Rocking the Relay

Epic Exchange six

It was being a runner that mattered, not how fast or how far I could run. The joy was in the act of running and in the journey, not in the destination. We have a better chance of seeing where we are when we stop trying to get somewhere else.

John Bingham

My relay team is headed out this weekend to finish our 5th Red Rock Relay in Southern Utah.

Every team is different and each race is different. It is important to make sure that there are not major personality conflicts in the vans, which will ruin everyone’s fun. Personalities who may conflict should be in different vans on the team.

This is probably my number one rule about gathering a team. The first year I put together my team I mixed two people who should not have been mixed. We finished the race with smiles, but it was a little tense at times. When you are sticking six people in a van together for 24-36 hours, with limited sleep, aching legs and feet, and weird eating schedules every precaution should be taken to reduce friction least a fire spring to life from smoldering embers.

Communication between vans is crucial when you are approaching to a major exchange point (changing from Van One to Van Two’s six legs of the race). Text messaging and phone calls are the easiest form of communication. Text messaging requires less of a signal than phone calls making it my first choice for contacting the other van.
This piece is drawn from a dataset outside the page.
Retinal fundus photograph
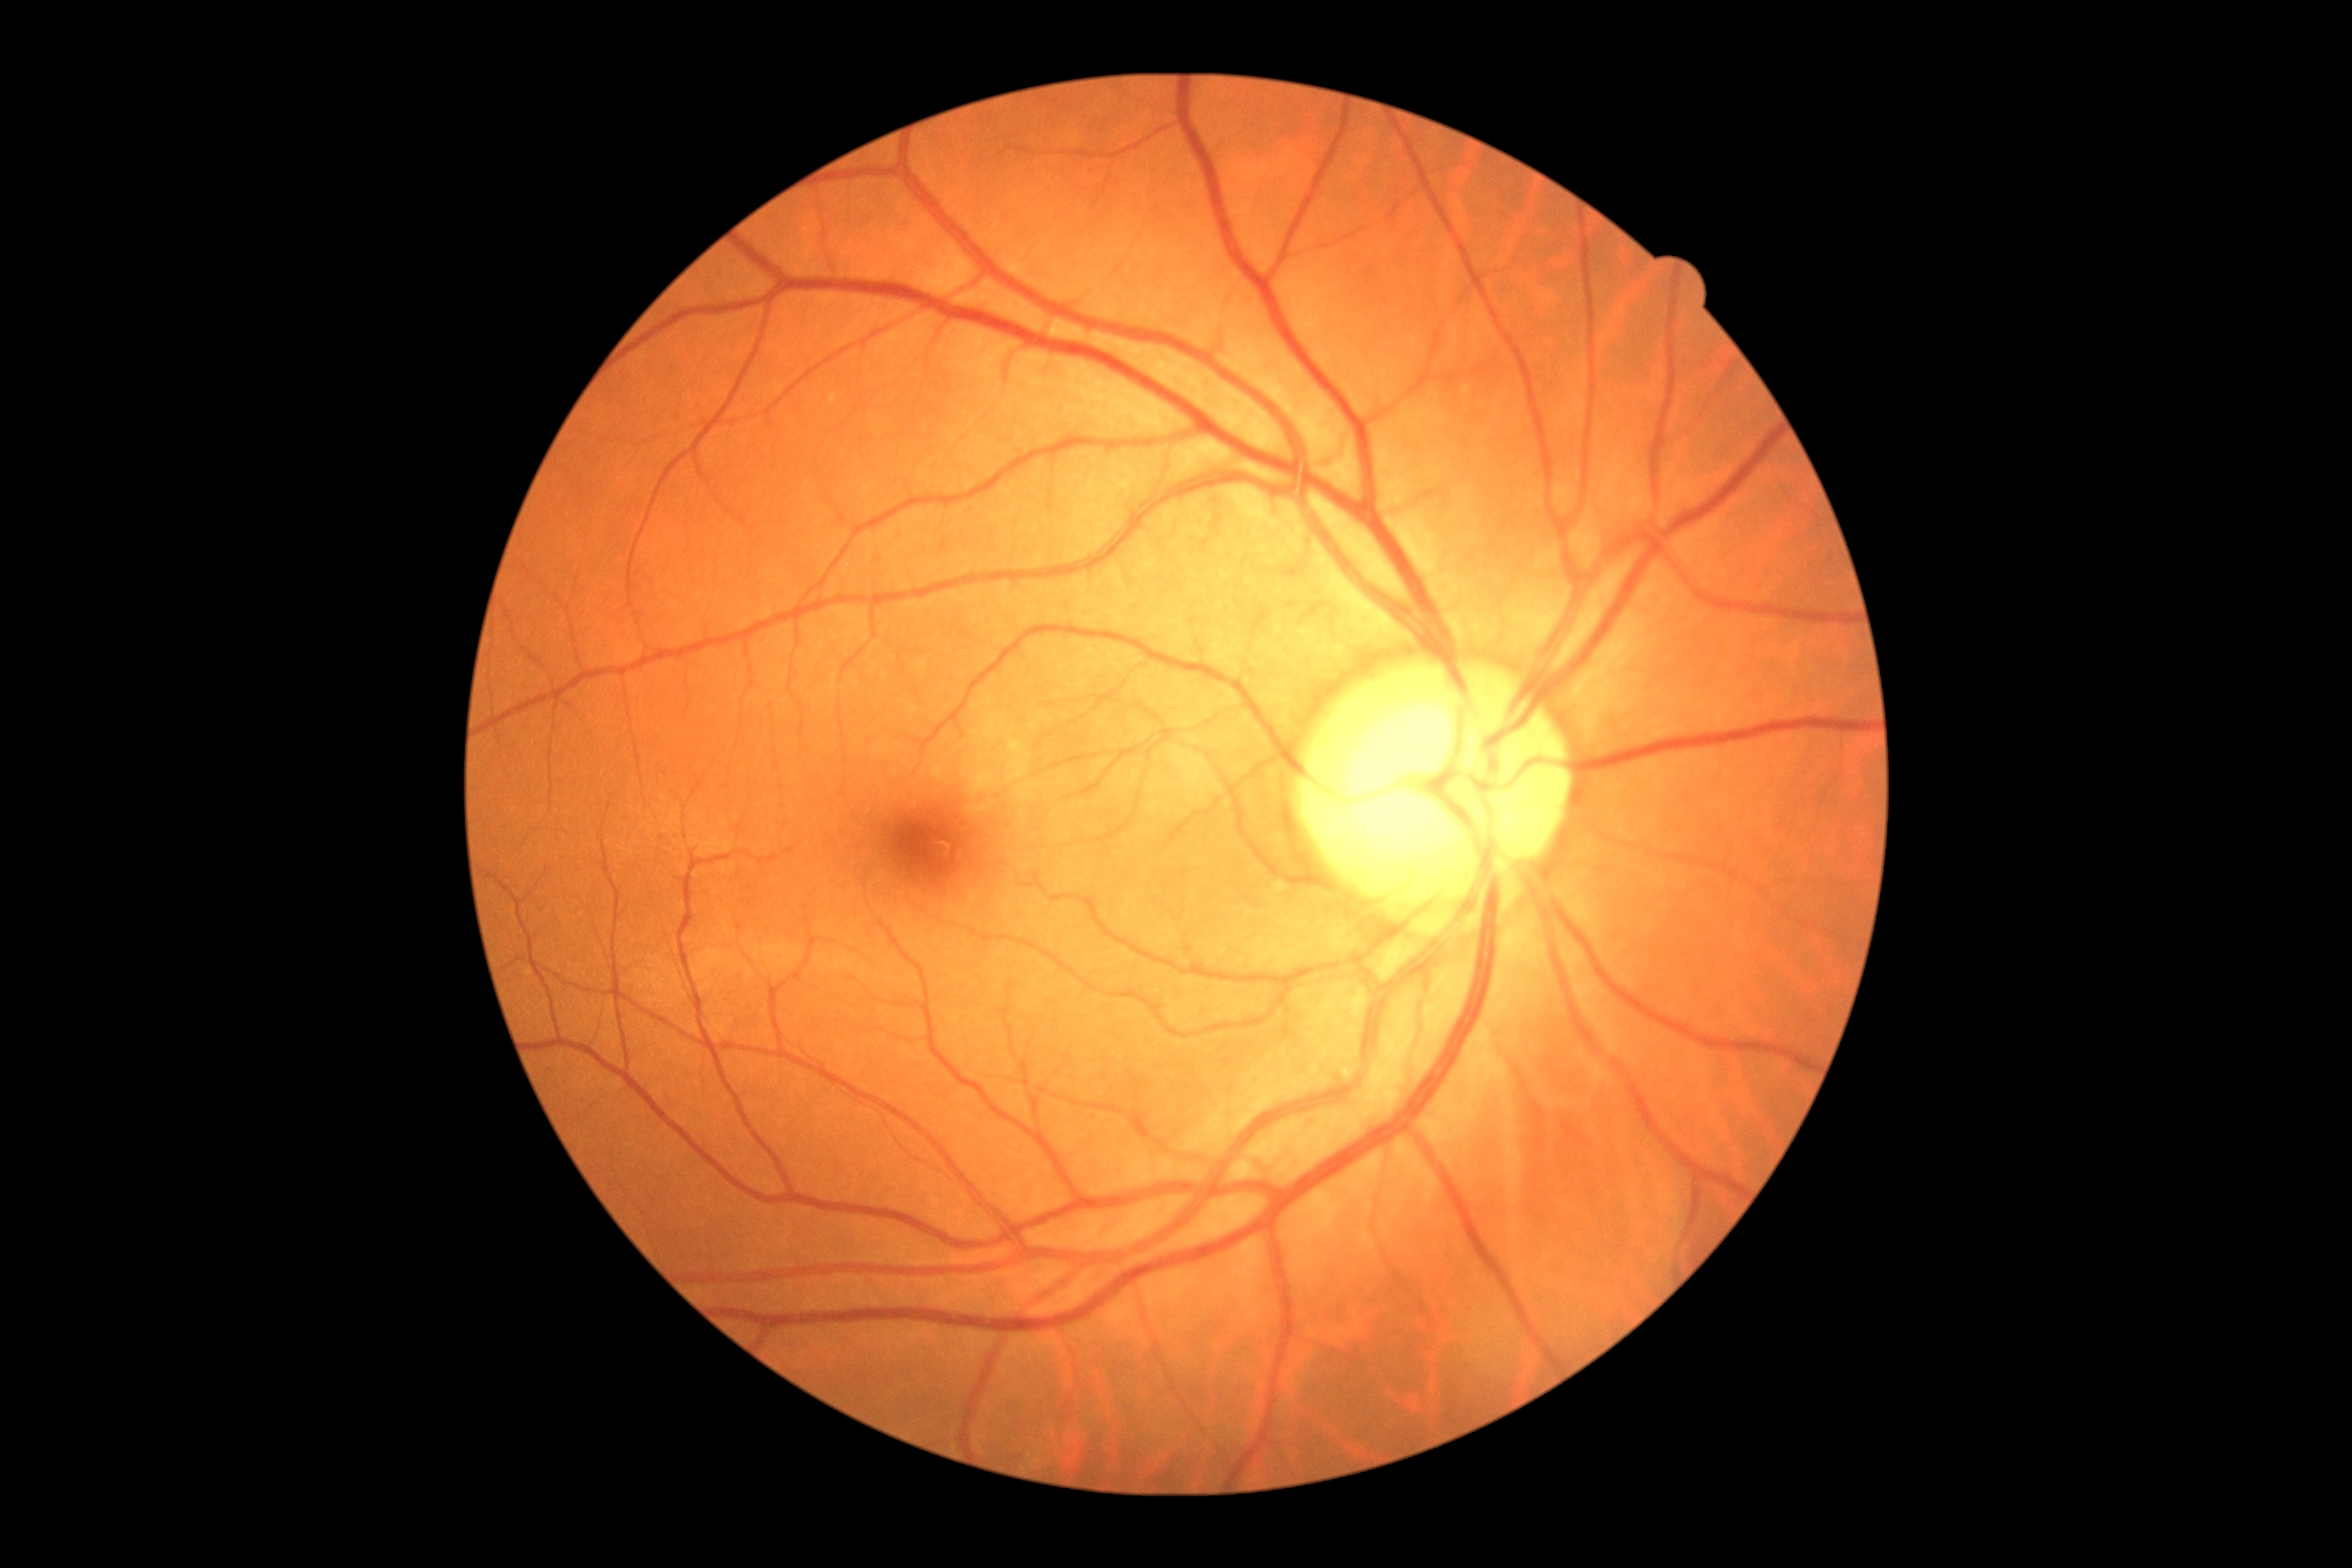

When texting my other van, I send the name of the runner who is running, what mile they are at, and their pace. We learned quickly that if you don’t put the time the text message is sent the information can be pointless. The text message can be delayed due to inconsistent service. Your message should be something like, “Swiss Miss is running, 13:00 pace, three miles to go. Sent at 9:00 p.m.” If you don’t include the sent time and they don’t have service until 9:30 p.m. they will think they have 39 minutes until the runner comes in, but in reality they only have nine minutes to get their runner ready to go and in the exchange shoot.

Putting in the time that the text is sent, eliminates this problem, so long as they receive it before you roll into the exchange point. As a last precaution, once the van reaches the “One mile to go” sign, the van should pull ahead of the runner and make sure the next runner is ready to start.

Relays are the perfect way to gather new runners into the sport and get them super excited to run.

Good luck building your teams!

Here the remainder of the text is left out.